Woodruff’s scientific work focuses on the female reproductive system. Her Medal particularly cited two specific areas: She created the scientific field and coined the term “oncofertility,” which strives to preserve fertility in patients with cancer. And she was a guiding force in the National Institutes of Health (NIH) 2016 requirement for researchers to consider sex as a biological variable in all NIH-funded research on vertebrate animals and humans.
Of note, she also codiscovered the so-called “zinc spark,” a previously unknown marker of a fertilized egg’s viability.
“I’m humbled to receive this award. I have had the honor and pleasure to work with so many students and collaborators throughout my career. My fundamental belief is science should help tomorrow’s patients be treated better than today’s,” Woodruff said in an MSU statement.
Woodruff’s former postdoctoral student Monica M. Laronda, PhD, told Medscape Medical News, “Teresa supported my career with her guidance and wisdom. Teresa made a lasting impression on me when I was a PhD student and member of the Center for Reproductive Science at Northwestern University. She seemed larger than life and represented for me the type of leader and trailblazer I aspire to be. Her endless enthusiasm for science, for promoting women’s health research, and for training the next generation is contagious.”
Laronda is now director of the gonadal tissue processing, fertility & hormone preservation & restoration program in the Departments of Endocrinology and Pediatric Surgery at the Ann & Robert H. Lurie Children’s Hospital of Chicago in Chicago. She noted that this program “would not exist if Teresa had not shown a light on fertility as a major quality-of-life concern for cancer patients…Her guidance and the opportunities she afforded me imprinted how I look for solutions.”
Preserving Fertility in Patients With Cancer
In 2002, Woodruff was named associate director for basic research at the Robert H. Lurie Comprehensive Cancer Center.
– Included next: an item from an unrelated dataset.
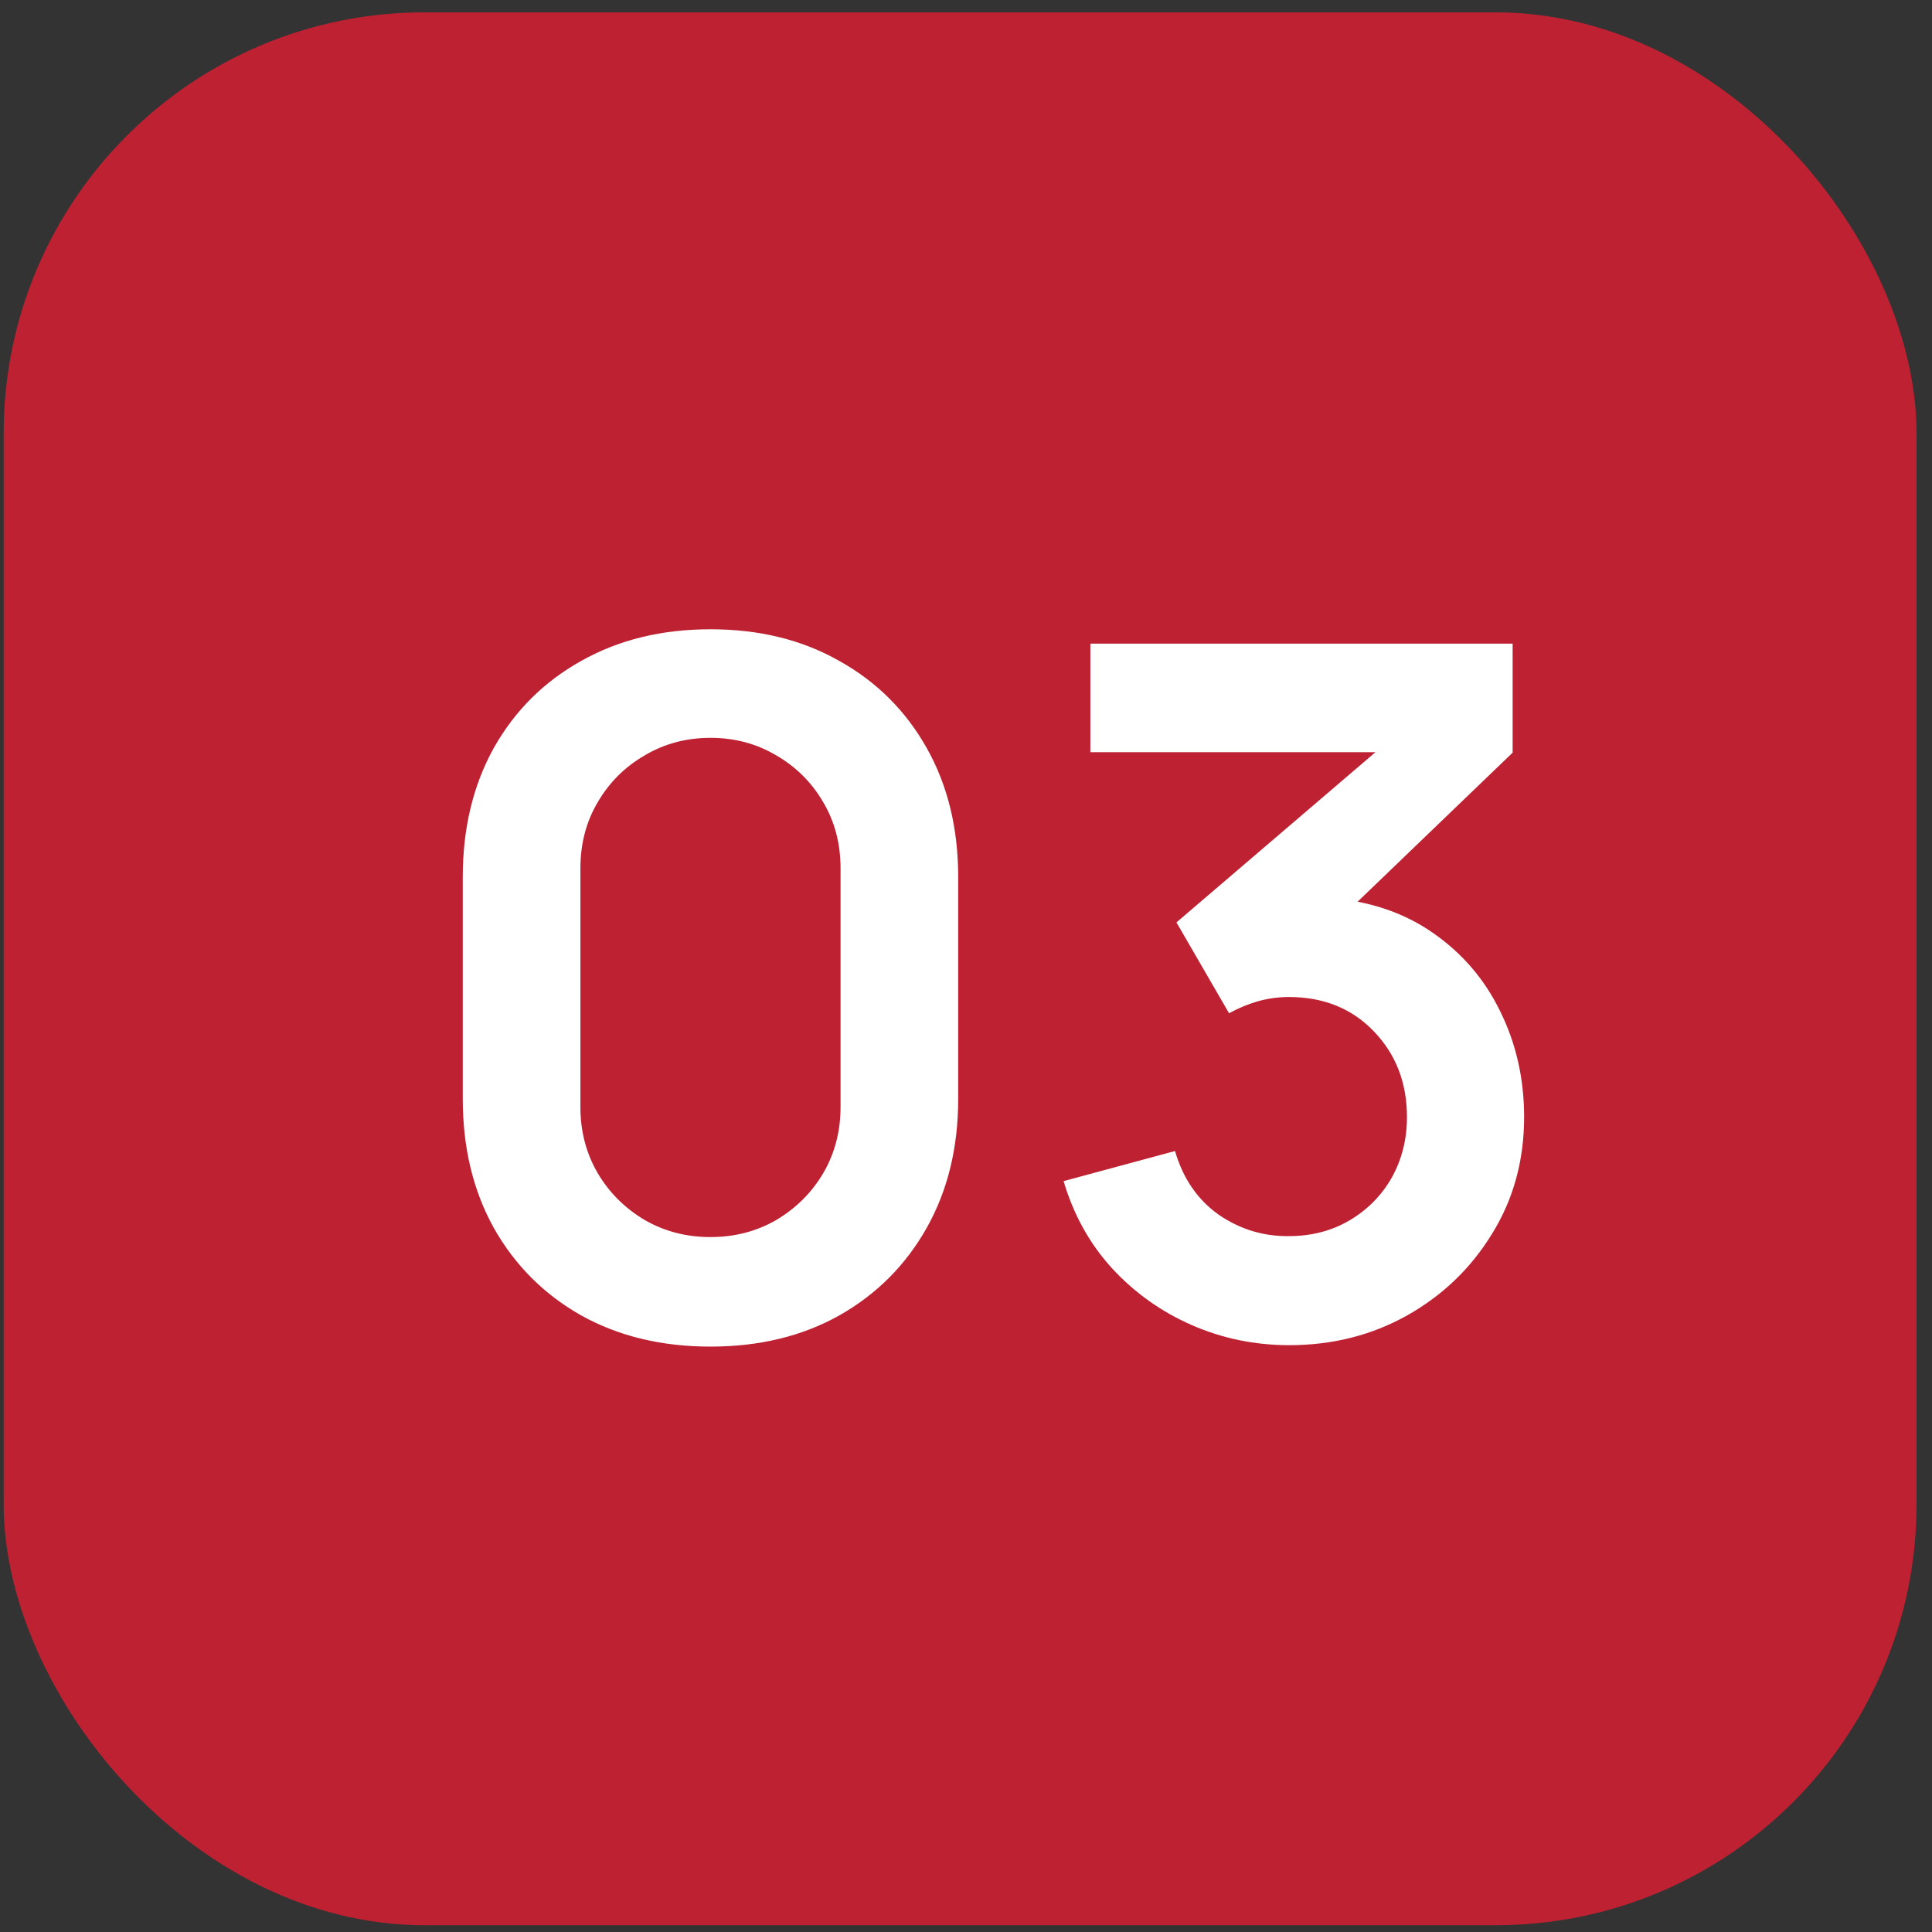 <?xml version="1.0" encoding="UTF-8"?> <svg xmlns="http://www.w3.org/2000/svg" width="101" height="101" viewBox="0 0 101 101" fill="none"><rect x="0" y="0" width="101" height="101" fill="#333333" stroke="none"/><rect x="0.192" y="0.646" width="100" height="100" rx="22" fill="#BD2132"></rect><path d="M37.142 70.397C34.592 70.397 32.342 69.855 30.392 68.772C28.442 67.671 26.917 66.147 25.817 64.197C24.733 62.246 24.192 59.996 24.192 57.447V45.846C24.192 43.297 24.733 41.047 25.817 39.096C26.917 37.147 28.442 35.63 30.392 34.547C32.342 33.447 34.592 32.897 37.142 32.897C39.692 32.897 41.933 33.447 43.867 34.547C45.817 35.63 47.342 37.147 48.442 39.096C49.542 41.047 50.092 43.297 50.092 45.846V57.447C50.092 59.996 49.542 62.246 48.442 64.197C47.342 66.147 45.817 67.671 43.867 68.772C41.933 69.855 39.692 70.397 37.142 70.397ZM37.142 64.671C38.408 64.671 39.558 64.371 40.592 63.772C41.625 63.155 42.442 62.338 43.042 61.322C43.642 60.288 43.942 59.138 43.942 57.871V45.397C43.942 44.113 43.642 42.963 43.042 41.947C42.442 40.913 41.625 40.096 40.592 39.496C39.558 38.88 38.408 38.572 37.142 38.572C35.875 38.572 34.725 38.88 33.692 39.496C32.658 40.096 31.842 40.913 31.242 41.947C30.642 42.963 30.342 44.113 30.342 45.397V57.871C30.342 59.138 30.642 60.288 31.242 61.322C31.842 62.338 32.658 63.155 33.692 63.772C34.725 64.371 35.875 64.671 37.142 64.671ZM67.402 70.322C65.602 70.322 63.902 69.972 62.302 69.272C60.702 68.572 59.31 67.58 58.127 66.296C56.96 65.013 56.118 63.496 55.602 61.746L61.427 60.172C61.843 61.605 62.602 62.713 63.702 63.496C64.819 64.263 66.043 64.638 67.377 64.621C68.56 64.621 69.618 64.347 70.552 63.797C71.485 63.246 72.219 62.505 72.752 61.572C73.285 60.621 73.552 59.563 73.552 58.397C73.552 56.613 72.977 55.121 71.827 53.922C70.677 52.721 69.194 52.121 67.377 52.121C66.827 52.121 66.285 52.197 65.752 52.346C65.235 52.496 64.735 52.705 64.252 52.971L61.502 48.221L73.602 37.871L74.127 39.322H57.002V33.647H79.077V39.346L69.352 48.697L69.302 46.922C71.485 47.072 73.344 47.68 74.877 48.746C76.427 49.813 77.61 51.188 78.427 52.871C79.26 54.555 79.677 56.397 79.677 58.397C79.677 60.663 79.118 62.697 78.002 64.496C76.902 66.296 75.418 67.722 73.552 68.772C71.702 69.805 69.652 70.322 67.402 70.322Z" fill="white"></path></svg>

Soon thereafter, a mother brought in her adolescent son with cancer and asked about banking his sperm. Woodruff asked what the center does for young women in that situation. “The answer was, ‘well, they really need to focus on their cancer.’ Part of the reason was we didn’t have any good methods or operational way to provide fertility options. And that was really the light bulb moment,” Woodruff told Medscape Medical News.
In 2006, she received an NIH Roadmap grant to create The Oncofertility Consortium. “It brought together clinicians and scientists and nurses and social scientists and folks interested in the law and religion and insurance and reimbursement. The consortium is really a partnership between all parts of academic, science and medicine,” Woodruff said.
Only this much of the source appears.